Dataset items
____________

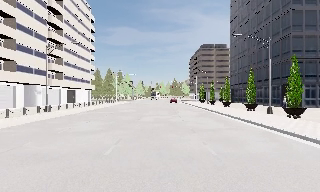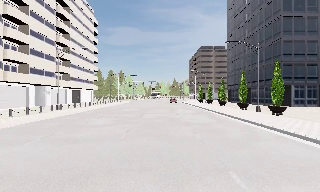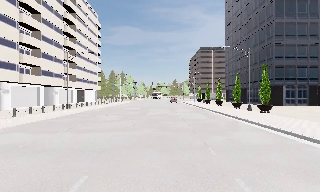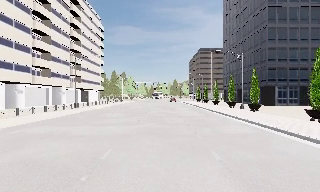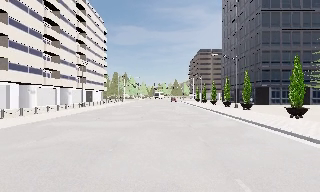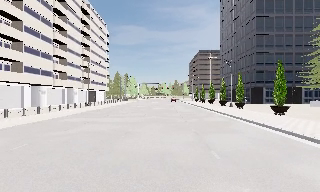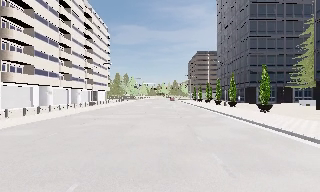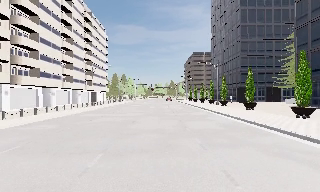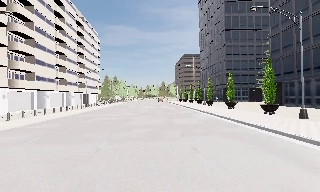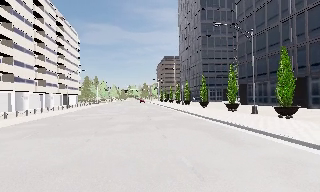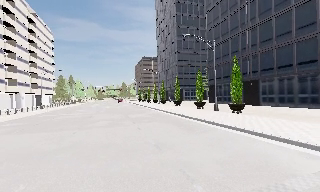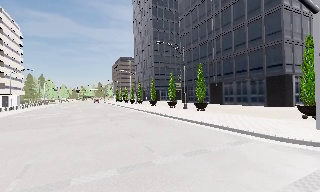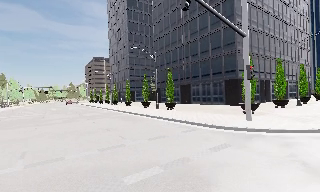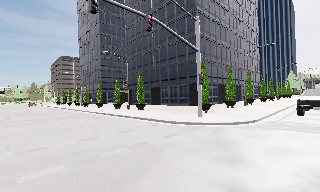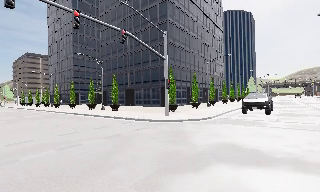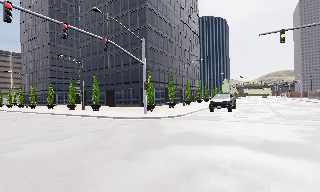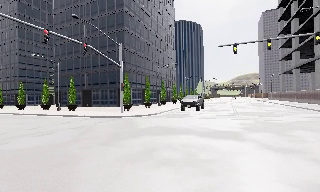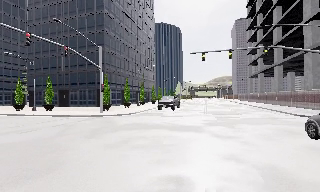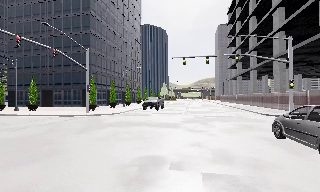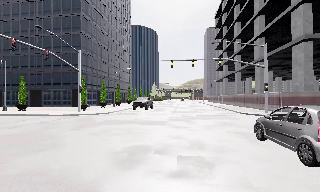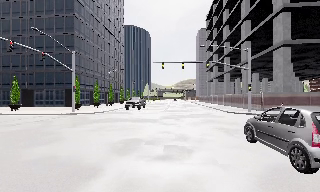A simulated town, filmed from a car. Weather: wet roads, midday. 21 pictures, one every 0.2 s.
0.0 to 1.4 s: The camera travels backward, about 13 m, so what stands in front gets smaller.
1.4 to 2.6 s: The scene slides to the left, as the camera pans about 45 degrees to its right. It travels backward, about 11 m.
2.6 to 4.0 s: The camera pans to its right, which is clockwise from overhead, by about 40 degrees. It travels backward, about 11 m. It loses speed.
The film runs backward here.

____________

Write out the records exactly. Do not carry the pictures over.

Response for this exercise
A simulated town, filmed from a car. Weather: wet roads, midday. 21 pictures, one every 0.2 s.
0.0 to 1.4 s: The camera travels backward, about 13 m, so what stands in front gets smaller.
1.4 to 2.6 s: The scene slides to the left, as the camera pans about 45 degrees to its right. It travels backward, about 11 m.
2.6 to 4.0 s: The camera pans to its right, which is clockwise from overhead, by about 40 degrees. It travels backward, about 11 m. It loses speed.
The film runs backward here.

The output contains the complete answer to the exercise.